→ Supplied material:
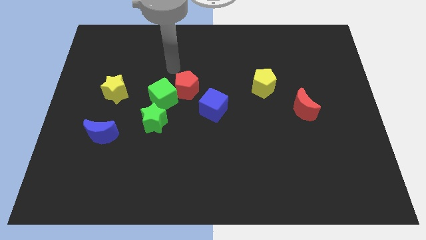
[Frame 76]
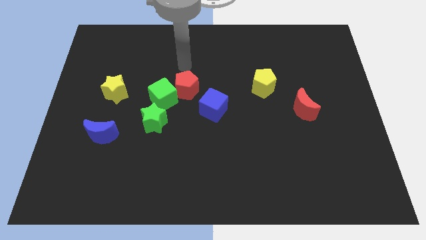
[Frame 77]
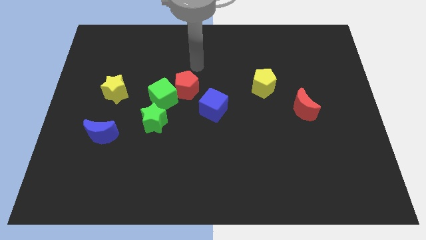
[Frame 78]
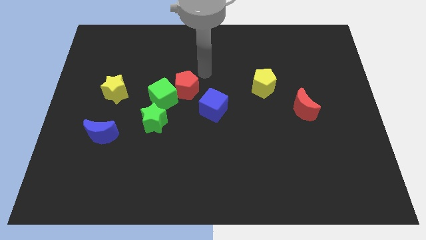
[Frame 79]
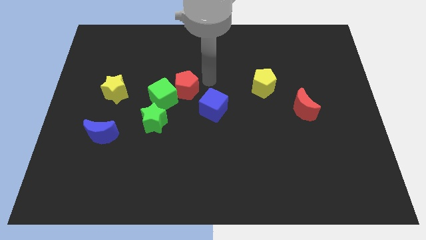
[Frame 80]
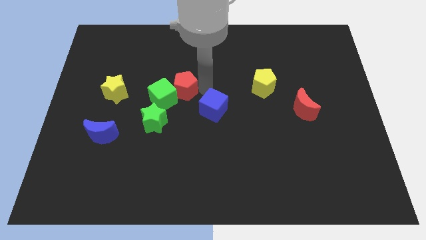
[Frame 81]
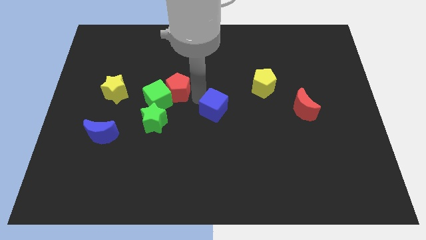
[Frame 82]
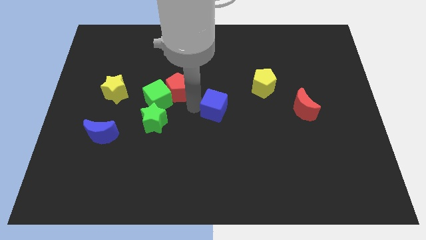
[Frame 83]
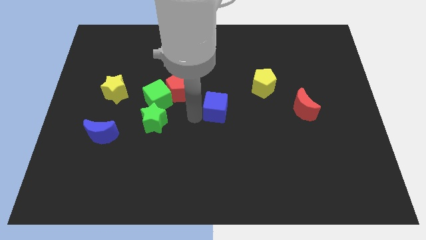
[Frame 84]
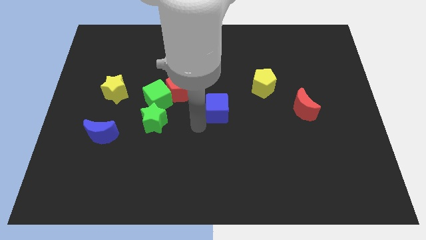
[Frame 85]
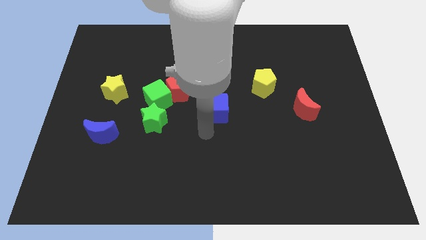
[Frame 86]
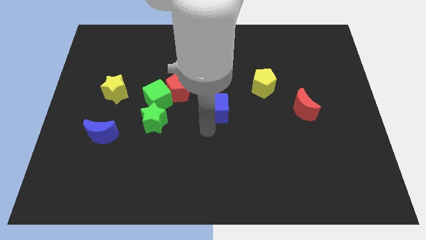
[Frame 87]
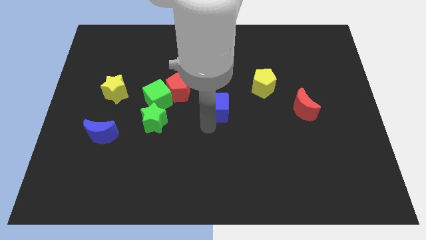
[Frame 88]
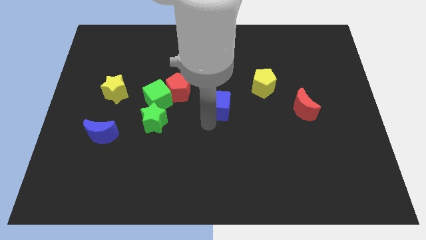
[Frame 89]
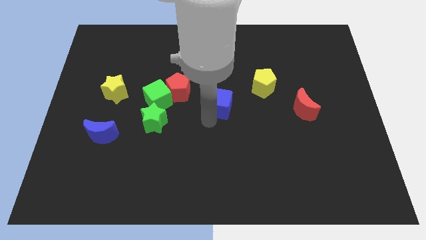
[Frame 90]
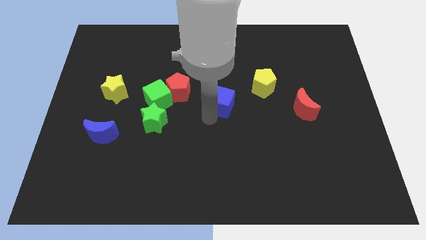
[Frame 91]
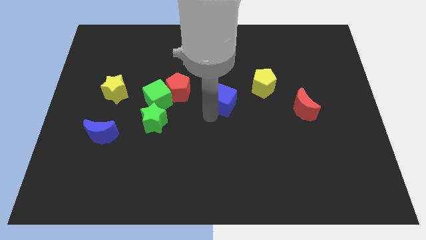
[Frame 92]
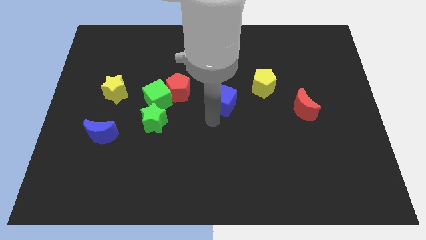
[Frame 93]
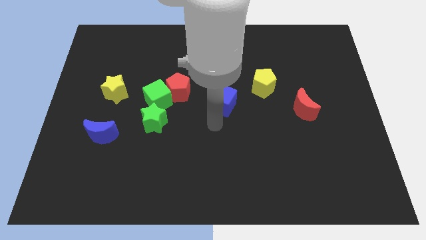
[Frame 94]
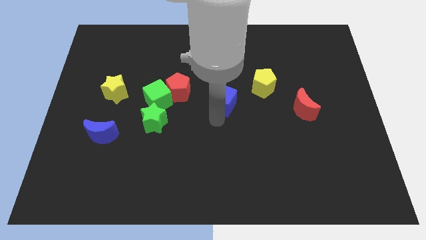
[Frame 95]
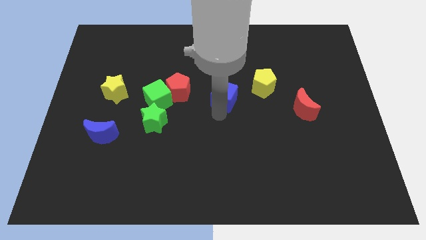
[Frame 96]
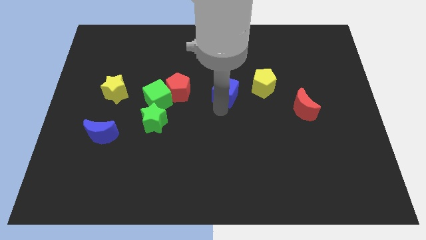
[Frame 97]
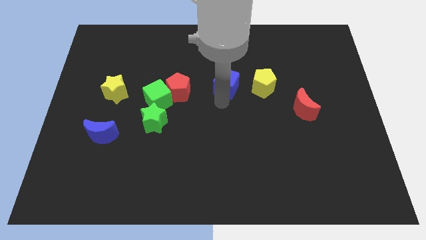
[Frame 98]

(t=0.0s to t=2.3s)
push the blue cube up and to the right diagonally slightly

→ Task to carry out: A faithful, word-for-word version of the records above is needed, with no images in it.

→ Exercise answer:
[Frame 76]
[Frame 77]
[Frame 78]
[Frame 79]
[Frame 80]
[Frame 81]
[Frame 82]
[Frame 83]
[Frame 84]
[Frame 85]
[Frame 86]
[Frame 87]
[Frame 88]
[Frame 89]
[Frame 90]
[Frame 91]
[Frame 92]
[Frame 93]
[Frame 94]
[Frame 95]
[Frame 96]
[Frame 97]
[Frame 98]

(t=0.0s to t=2.3s)
push the blue cube up and to the right diagonally slightly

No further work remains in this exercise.